Eventos recientes vienen a subrayar esta interconexión. Por una parte, emerge de su oscuro nido racista la ley antimigratoria promulgada en Arizona. Por la otra, aparece en California la autorización para el consumo y hasta la producción local de la marihuana, considerada como droga "leve", apta para cualquiera, no sólo para uso médico. Casi simultáneamente los dos Presidentes declaran, cada uno por su cuenta, su desacuerdo personal con la legalización de las drogas. Calderón, sin embargo, acepta la utilidad de una consulta pública.
Mientras en México preparamos así los foros para debatir el seguir o no con la acción militar contra los cárteles de los narcotraficantes o bien aceptar legalizar su consumo, la Casa Blanca envía por razones de seguridad, mil 200 soldados a su frontera sur, no para interceptar el contrabando de armas destinadas a las mafias mexicanas, sino para bloquear la entrada de nuestros desesperados migrantes. El desempleo al 10% en ese país aporta una oportuna justificación política. El tema de la migración también les sirve para disimular la falta de control de la extensa red de distribución de drogas que se da en EU.
Si tienen razón los que ven en la acción militar una verdadera guerra contra la fiera violencia que libran los narcotraficantes entre sí para defender sus plazas y contra el Estado, no cabrá duda que debe proseguirse implacablemente esta estrategia escalándola hasta los niveles que hagan falta para aniquilar el mal, como se hizo en Colombia que parece haber dejado atrás lo peor. Imposible pensar que en un solo sexenio Calderón extirpe un cáncer que se ha extendido desde hace décadas con la anuencia de los gobiernos priistas.

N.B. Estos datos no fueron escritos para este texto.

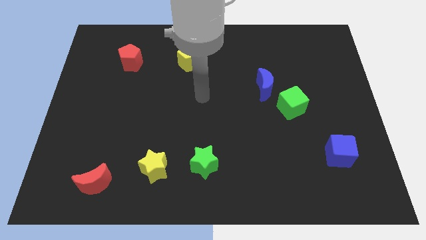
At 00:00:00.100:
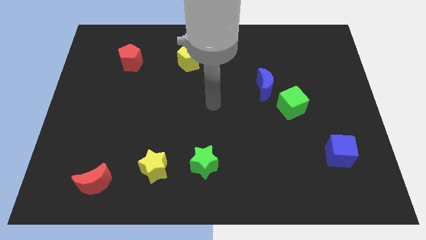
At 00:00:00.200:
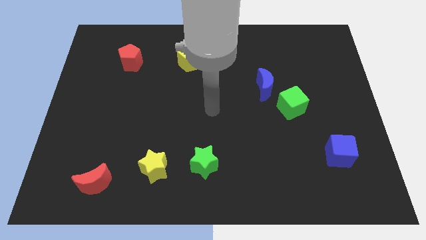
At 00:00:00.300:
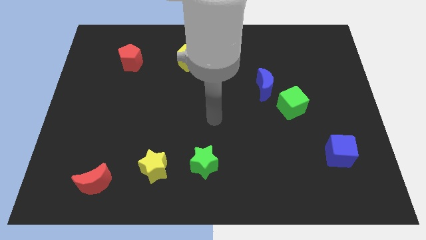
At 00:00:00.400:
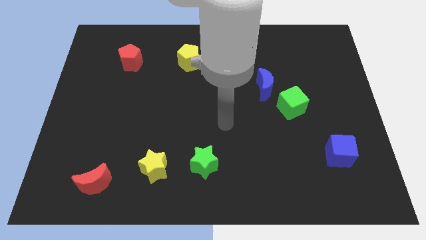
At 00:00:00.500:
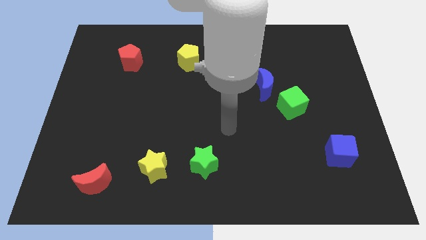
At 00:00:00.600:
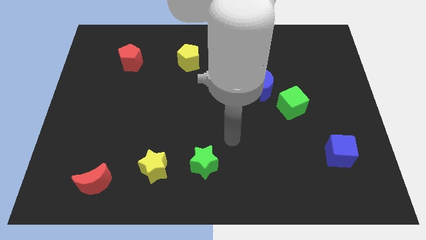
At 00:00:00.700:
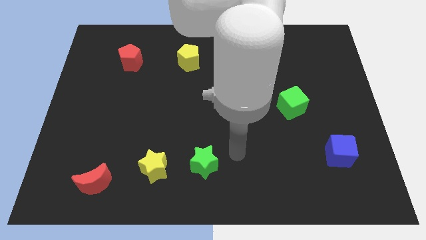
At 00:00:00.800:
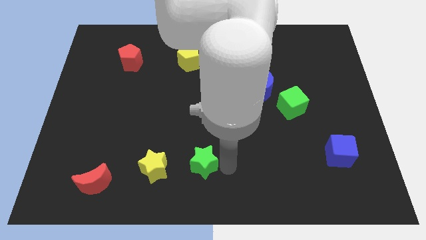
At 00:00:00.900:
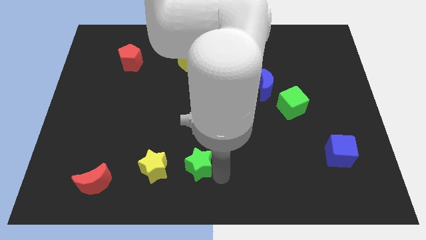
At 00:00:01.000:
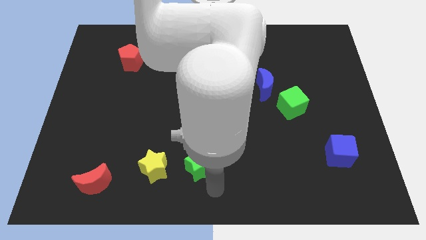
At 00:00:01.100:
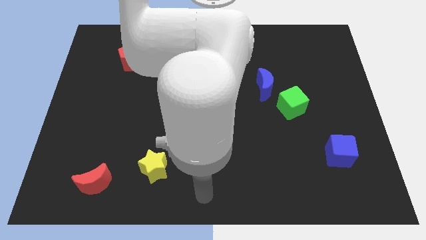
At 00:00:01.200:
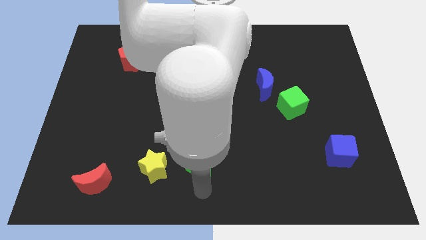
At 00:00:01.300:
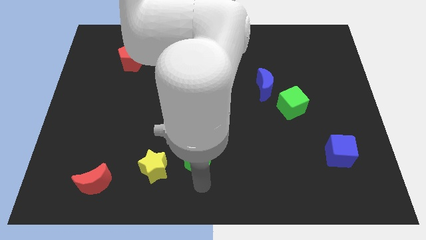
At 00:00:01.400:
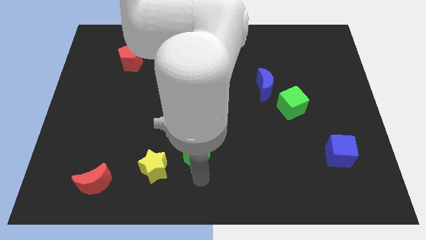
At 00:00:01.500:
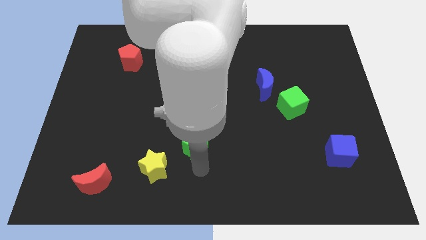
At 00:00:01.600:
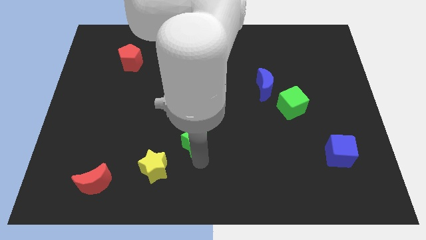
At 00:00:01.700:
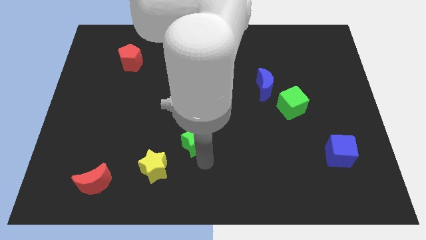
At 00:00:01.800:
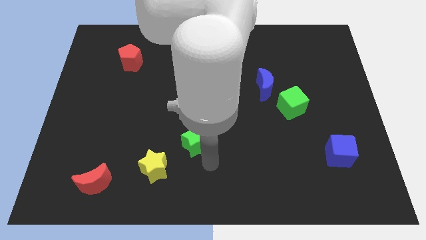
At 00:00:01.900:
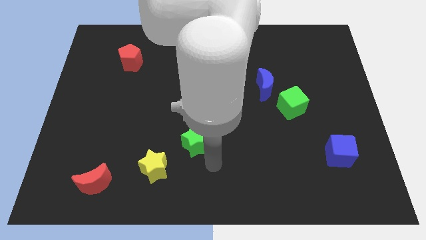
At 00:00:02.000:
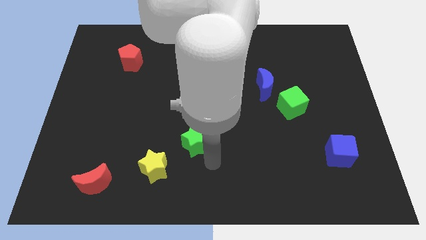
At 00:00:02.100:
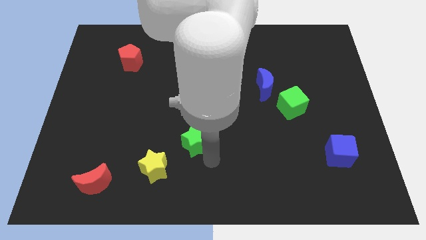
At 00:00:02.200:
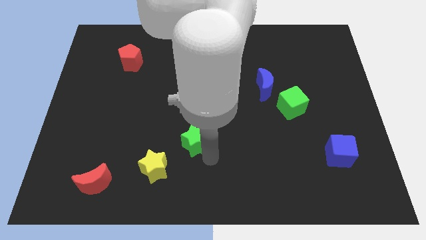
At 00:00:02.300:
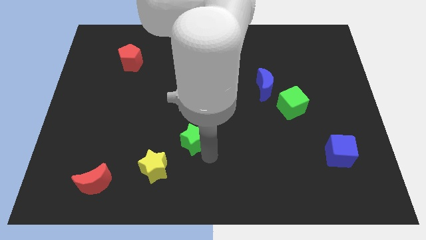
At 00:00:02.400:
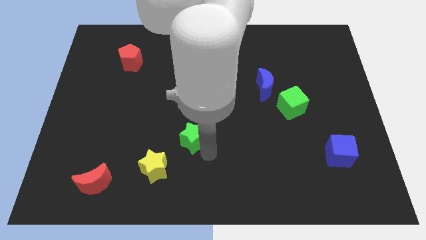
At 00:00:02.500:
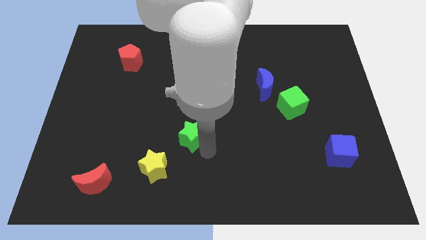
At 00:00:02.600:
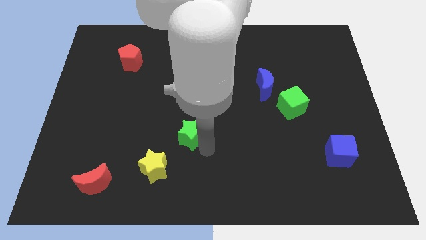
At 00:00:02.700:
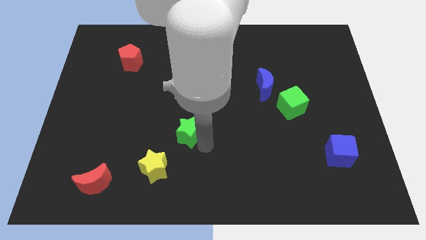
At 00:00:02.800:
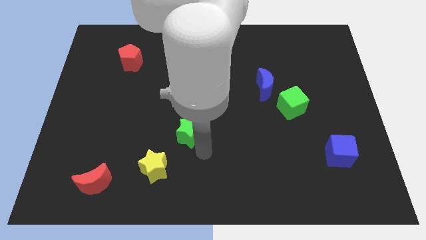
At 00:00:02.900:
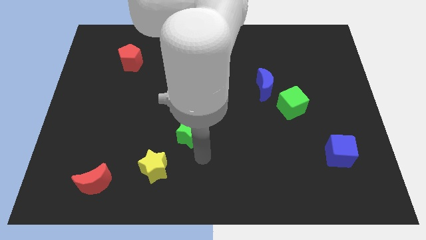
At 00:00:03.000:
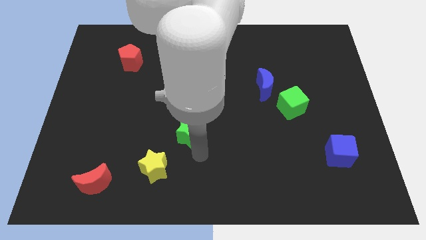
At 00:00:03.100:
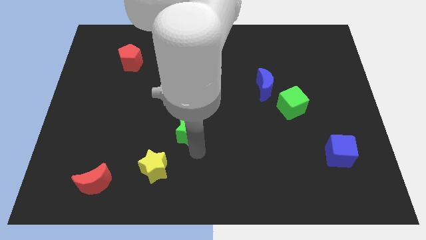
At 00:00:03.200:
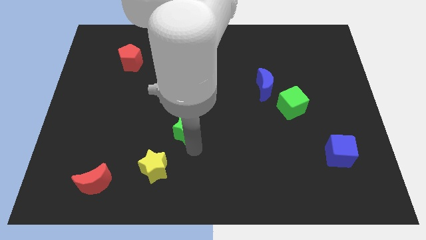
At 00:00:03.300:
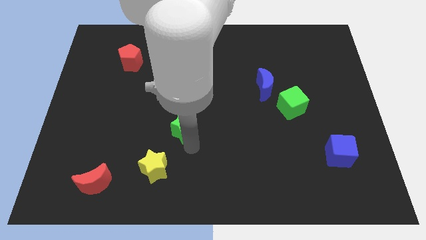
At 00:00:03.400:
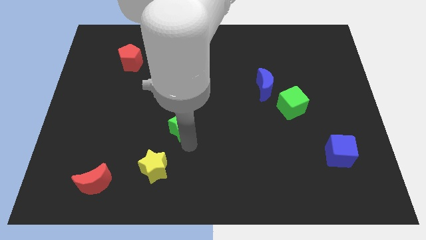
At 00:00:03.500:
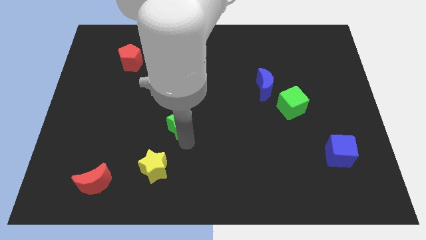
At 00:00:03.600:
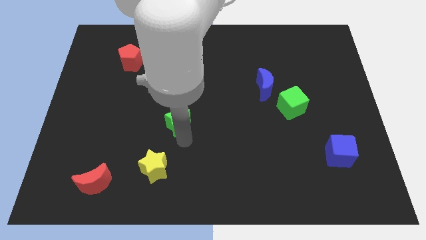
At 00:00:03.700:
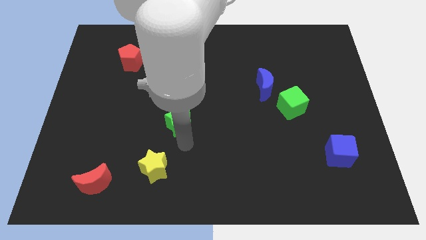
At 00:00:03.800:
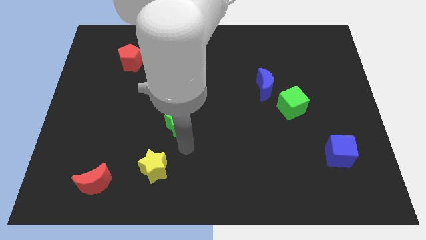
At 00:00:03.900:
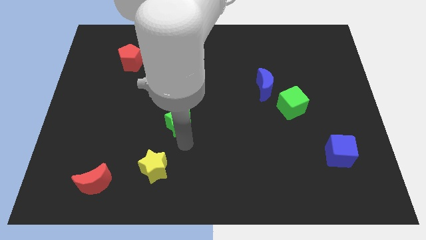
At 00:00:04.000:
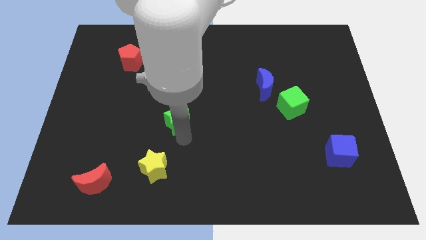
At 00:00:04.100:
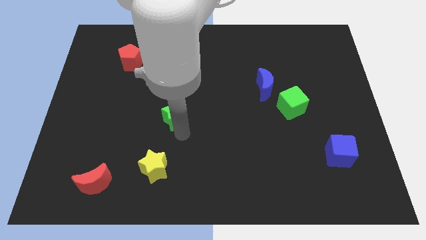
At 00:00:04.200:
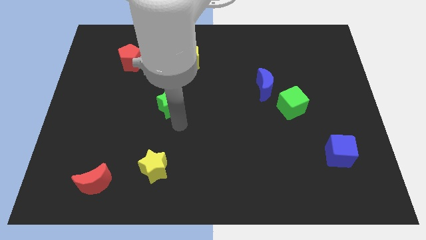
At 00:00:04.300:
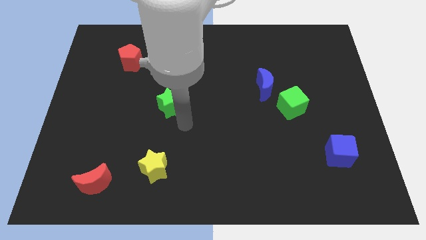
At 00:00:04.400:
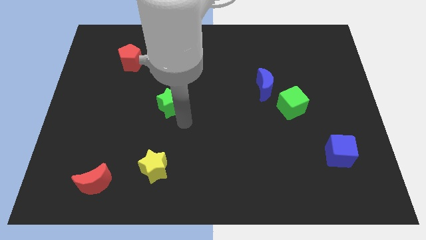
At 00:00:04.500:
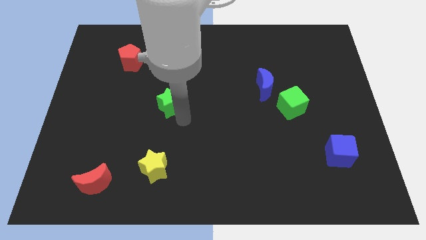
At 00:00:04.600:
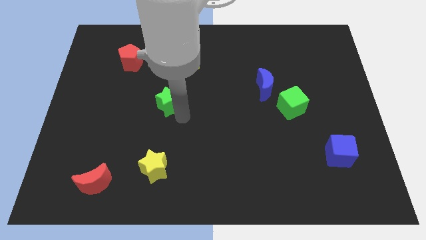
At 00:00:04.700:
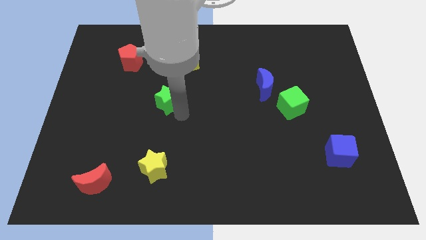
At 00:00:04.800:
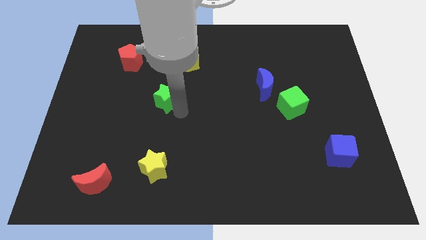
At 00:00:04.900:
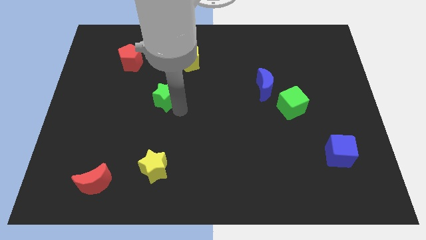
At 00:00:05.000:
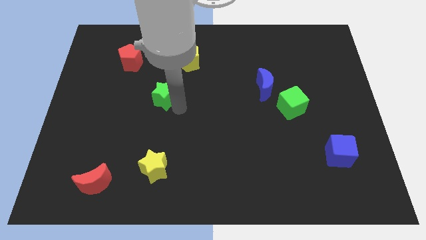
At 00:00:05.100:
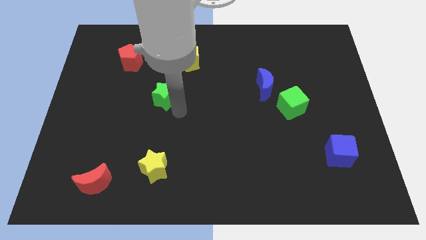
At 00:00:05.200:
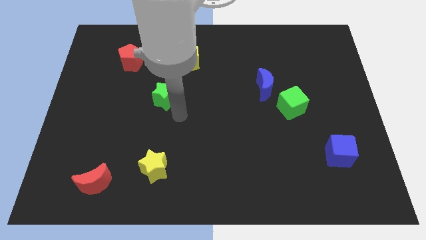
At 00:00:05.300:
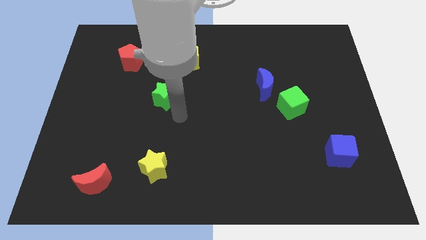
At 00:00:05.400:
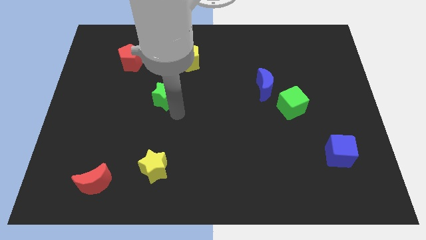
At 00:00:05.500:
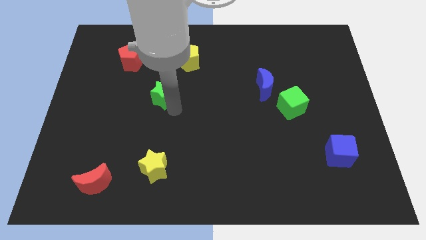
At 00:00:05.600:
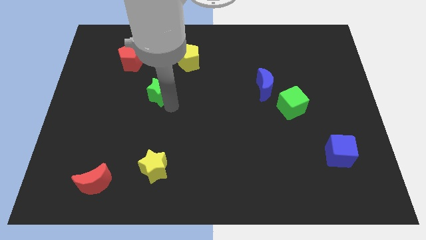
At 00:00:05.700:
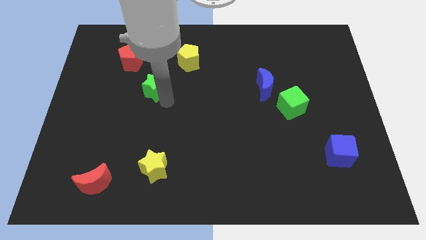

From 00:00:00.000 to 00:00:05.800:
push the green star to the bottom right side of the red pentagon

Independientemente de lo anterior, está la flagrante pérdida de respeto en todos los ámbitos hacia los valores morales y éticos que toda sociedad requiere para sostenerse. El abuso extendido de las drogas y su distribución tantas veces obligada por la pobreza extrema camina sobre este suelo moralmente debilitado.

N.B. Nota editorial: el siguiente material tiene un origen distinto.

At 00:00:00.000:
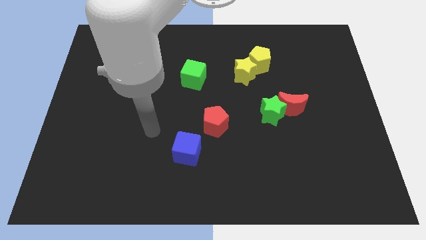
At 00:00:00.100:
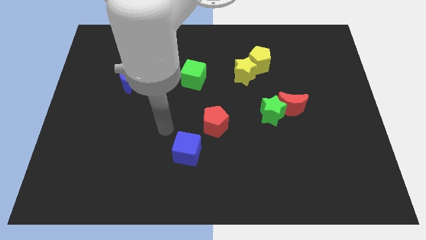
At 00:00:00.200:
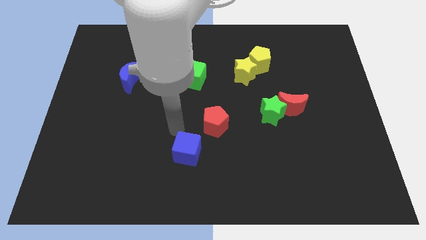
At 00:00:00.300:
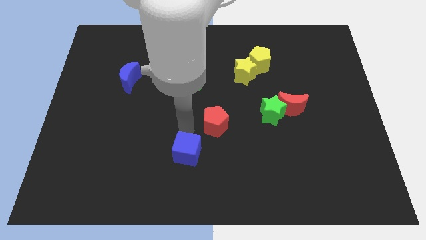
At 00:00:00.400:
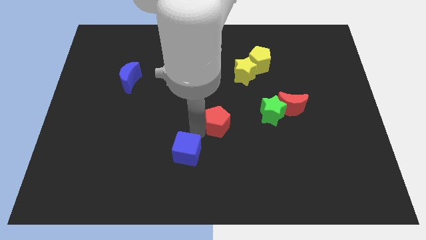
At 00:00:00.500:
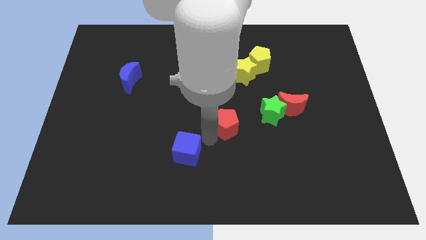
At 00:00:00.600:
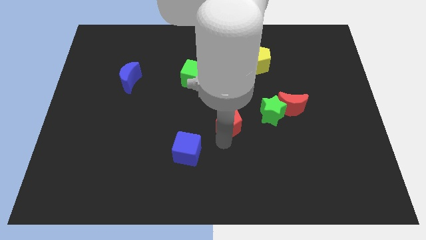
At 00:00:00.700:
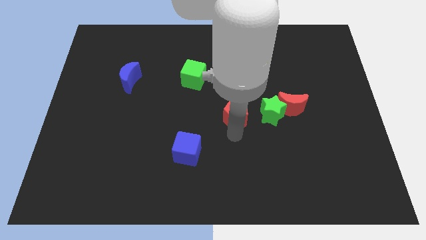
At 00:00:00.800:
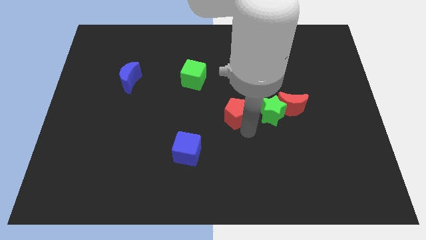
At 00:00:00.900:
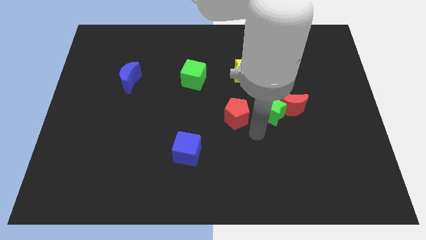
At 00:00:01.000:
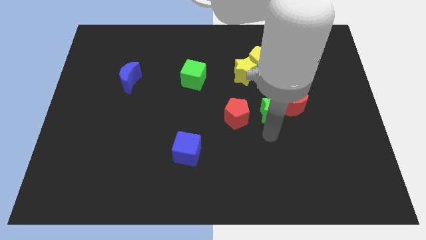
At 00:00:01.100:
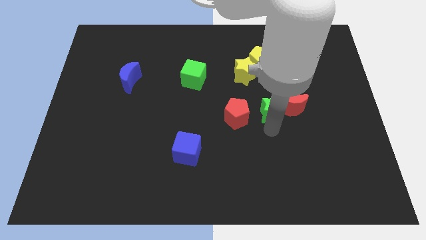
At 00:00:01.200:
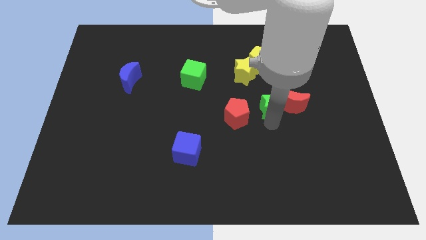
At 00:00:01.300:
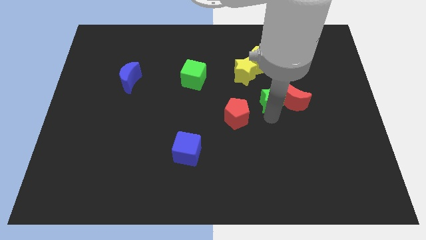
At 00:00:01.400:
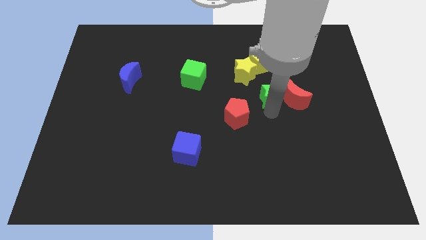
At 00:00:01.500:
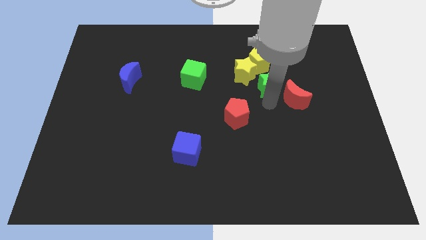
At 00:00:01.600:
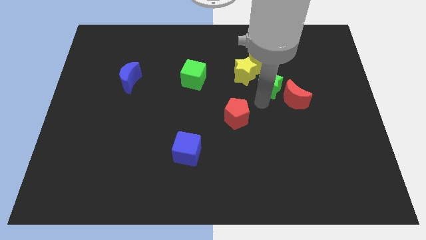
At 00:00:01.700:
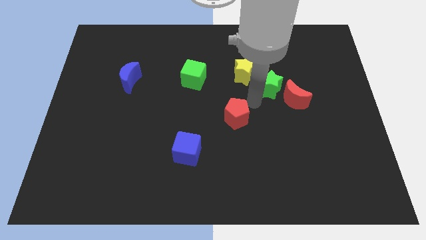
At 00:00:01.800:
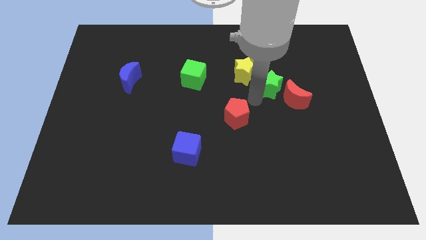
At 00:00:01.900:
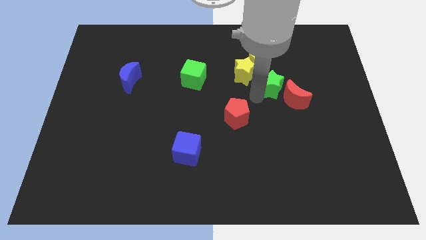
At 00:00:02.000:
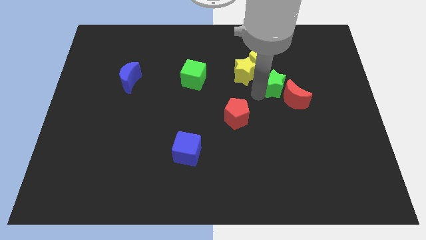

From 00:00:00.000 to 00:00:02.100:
push the green star to the top of the red moon

La lucha, por lo tanto, se libra también en el campo de la moral. Desde el núcleo familiar pasando por la escuela hay que inculcar los principios que blinden al individuo contra el imperio de las drogas. Las bases éticas que la comunidad tiene por válidas justifican el comportamiento que ésta exige de sus miembros. La acción policial, militar, las nuevas restricciones financieras para combatir el narcotráfico no tocan pues, fondo. Es indispensable hacer valer y vigilar los valores éticos y de solidaridad social con enérgicas campañas de opinión organizadas tanto por el gobierno como por la sociedad civil.

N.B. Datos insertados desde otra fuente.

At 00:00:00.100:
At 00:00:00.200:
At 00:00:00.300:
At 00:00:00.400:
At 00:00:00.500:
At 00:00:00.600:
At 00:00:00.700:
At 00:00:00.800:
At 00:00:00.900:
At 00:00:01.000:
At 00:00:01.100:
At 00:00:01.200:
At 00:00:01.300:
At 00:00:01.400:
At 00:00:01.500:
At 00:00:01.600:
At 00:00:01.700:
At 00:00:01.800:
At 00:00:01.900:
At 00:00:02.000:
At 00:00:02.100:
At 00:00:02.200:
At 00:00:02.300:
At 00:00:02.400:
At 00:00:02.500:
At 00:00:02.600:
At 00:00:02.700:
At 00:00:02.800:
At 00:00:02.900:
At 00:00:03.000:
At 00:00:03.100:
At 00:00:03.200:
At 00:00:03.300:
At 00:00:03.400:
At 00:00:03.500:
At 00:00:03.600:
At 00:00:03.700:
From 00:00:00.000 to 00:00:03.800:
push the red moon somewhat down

En las raíces más íntimas de los mexicanos perviven los valores más sanos que responderán positivamente a la difusión de las normas de conducta que conducen a una vida productiva y feliz. Estas campañas deben utilizar las redes sociales y las radios comunitarias de alta penetración. De igual manera, hay que usar estos medios para impactar la conciencia de todos sobre las terribles consecuencias personales, familiares y sociales que resultan del consumo y del tráfico de drogas. El papel de los líderes políticos, empresariales y religiosos es imprescindible para difundir el respeto a los valores y normas constructivas de conducta.
No hay que esperar más por librar esta lucha en los dos campos en lo militar y en lo ético. No es momento de duda ni de confusión, sino de claridad y firmeza.